## [WHAT YOU WILL DO]
Set down every line from the one with "The typesetter chose" to the end of the entries, both ends included, exactly as it reads and without pictures.

Records contained in a dataset:

=======

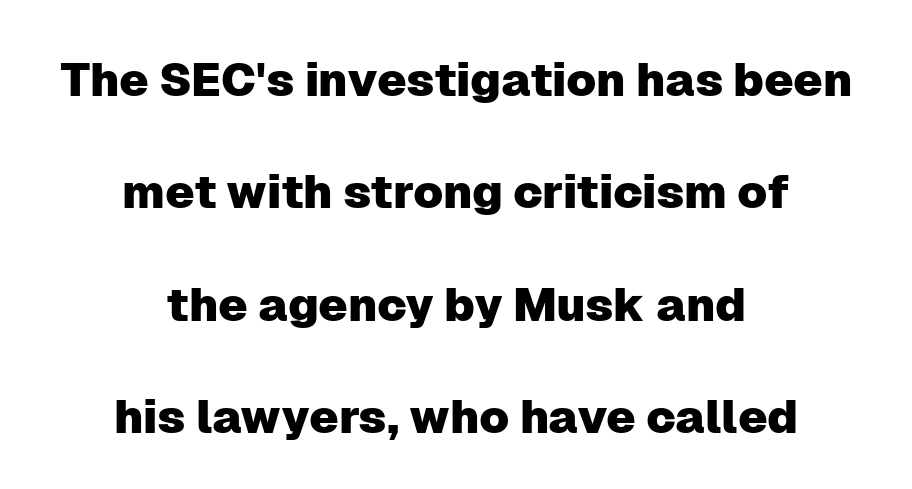
{"serif": "no", "italic": "no", "width": "normal", "stroke_contrast": "low", "x_height": "medium", "monospaced": "no", "underline": "no", "align": "center", "line_spacing": "loose", "line_spacing_ratio": 2.39, "letter_spacing": "normal", "letter_spacing_em": 0.0, "glyph_px": 47}
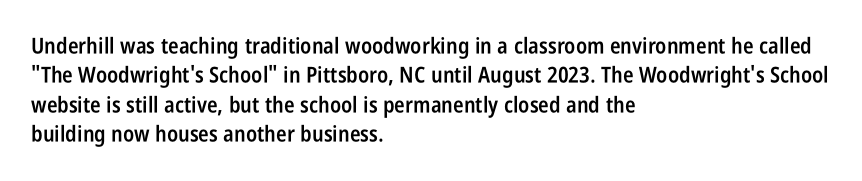
{"italic": "no", "bold": "semi", "underline": "no", "align": "left", "line_spacing": "normal", "line_spacing_ratio": 1.33, "letter_spacing": "normal", "letter_spacing_em": 0.0, "glyph_px": 22}
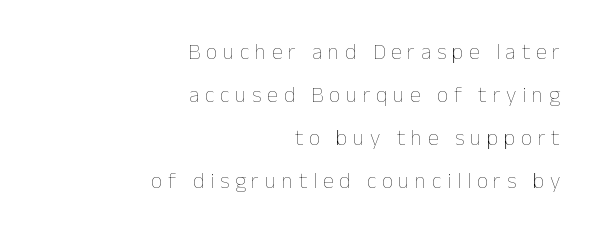
Q: Is the text bold? A: No.
Q: Is the text italic (slanted)? A: No, it is upright.
Q: Is the text underlined? A: No.
Q: How is the paragraph aligned? A: Right-aligned.
Q: Is the spacing between letters normal or unusually wide? A: Unusually wide.
Q: Is the spacing between lines tight, normal or loose? A: Loose.
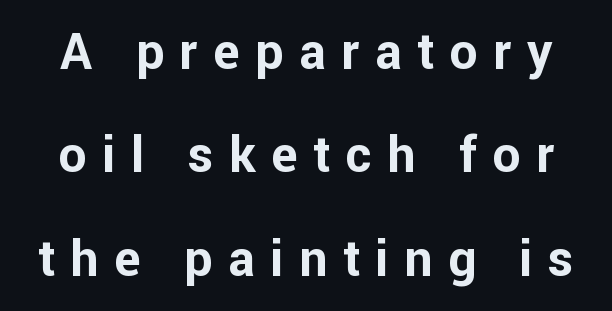
One glance says open: line gaps are wider than usual. Clear beneath every line of the passage. Quick note: not italic, upright. This sample uses a sans-serif face. Strong, thick strokes mark this as bold type.
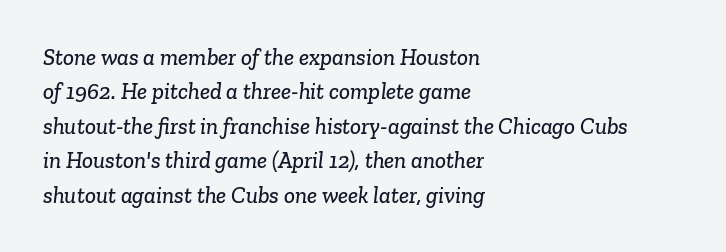
The image shows 23 px text type; set left-aligned, normal line spacing (1.5x), normal letter spacing, not underlined.
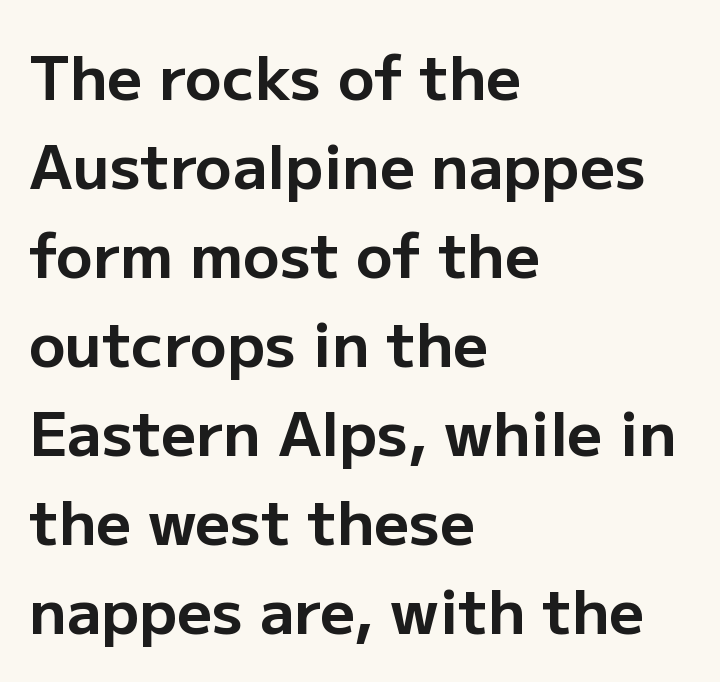
The typesetter chose a ragged-right arrangement here. Quick note: interline space is typical. Proportional: the letters do not fall into vertical columns. Underlining? Definitely not there.
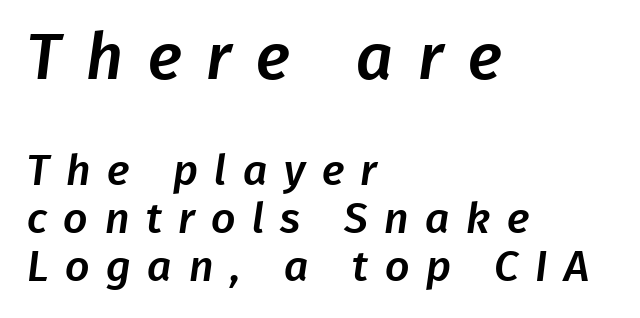
The image shows 65 px sans-serif type; set left-aligned, tight line spacing (1.11x), unusually wide letter spacing (+0.38 em), not underlined; the first (top) block is 1.51x larger; low stroke contrast and a medium x-height.
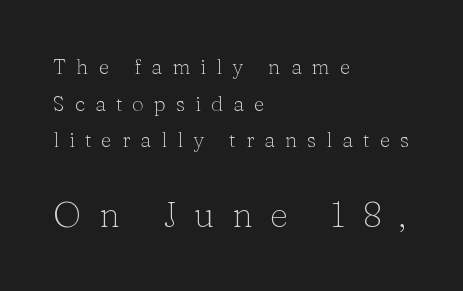
The gaps between neighbouring characters are conspicuously large. Think of a printed novel: that variable character pitch is what you see here. Decoration check: the copy has no underline. A roman cut, with each character standing at attention.
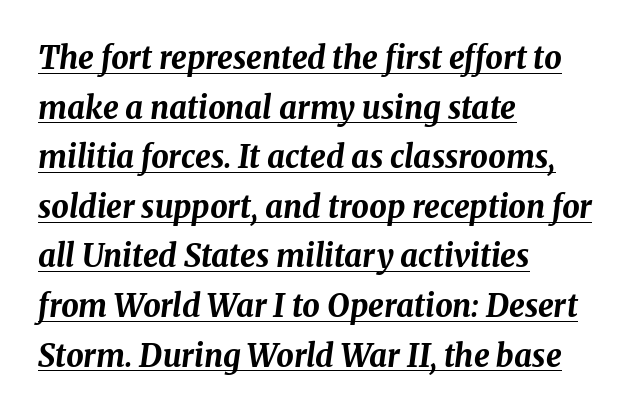
{"italic": "yes", "lean": "right", "slant_degrees": 8, "bold": "yes", "weight": "bold", "width": "normal", "stroke_contrast": "medium", "x_height": "medium", "monospaced": "no", "underline": "yes", "align": "left", "line_spacing": "normal", "line_spacing_ratio": 1.6, "letter_spacing": "normal", "letter_spacing_em": 0.0, "glyph_px": 31}
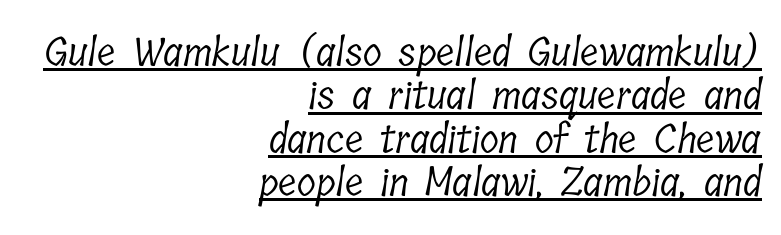
Q: Is the text bold? A: No.
Q: Is the typeface a serif or a sans-serif typeface? A: Serif.
Q: Is the text underlined? A: Yes.
Q: How is the paragraph aligned? A: Right-aligned.
Q: Is the spacing between letters normal or unusually wide? A: Normal.
Q: Is the spacing between lines tight, normal or loose? A: Tight.
Q: Width (condensed, normal, or wide)? A: Condensed.
Q: Stroke contrast? A: Low.
Q: x-height? A: Medium.
Q: Monospaced? A: No.
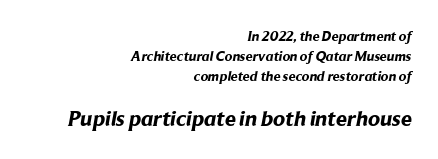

=======

## [FINISHED EXERCISE]
The typesetter chose a ragged-right arrangement here. Quick note: interline space is typical. Proportional: the letters do not fall into vertical columns. Underlining? Definitely not there.
The image shows 65 px sans-serif type; set left-aligned, tight line spacing (1.11x), unusually wide letter spacing (+0.38 em), not underlined; the first (top) block is 1.51x larger; low stroke contrast and a medium x-height.
The gaps between neighbouring characters are conspicuously large. Think of a printed novel: that variable character pitch is what you see here. Decoration check: the copy has no underline. A roman cut, with each character standing at attention.
{"italic": "yes", "lean": "right", "slant_degrees": 8, "bold": "yes", "weight": "bold", "width": "normal", "stroke_contrast": "medium", "x_height": "medium", "monospaced": "no", "underline": "yes", "align": "left", "line_spacing": "normal", "line_spacing_ratio": 1.6, "letter_spacing": "normal", "letter_spacing_em": 0.0, "glyph_px": 31}
Q: Is the text bold? A: No.
Q: Is the typeface a serif or a sans-serif typeface? A: Serif.
Q: Is the text underlined? A: Yes.
Q: How is the paragraph aligned? A: Right-aligned.
Q: Is the spacing between letters normal or unusually wide? A: Normal.
Q: Is the spacing between lines tight, normal or loose? A: Tight.
Q: Width (condensed, normal, or wide)? A: Condensed.
Q: Stroke contrast? A: Low.
Q: x-height? A: Medium.
Q: Monospaced? A: No.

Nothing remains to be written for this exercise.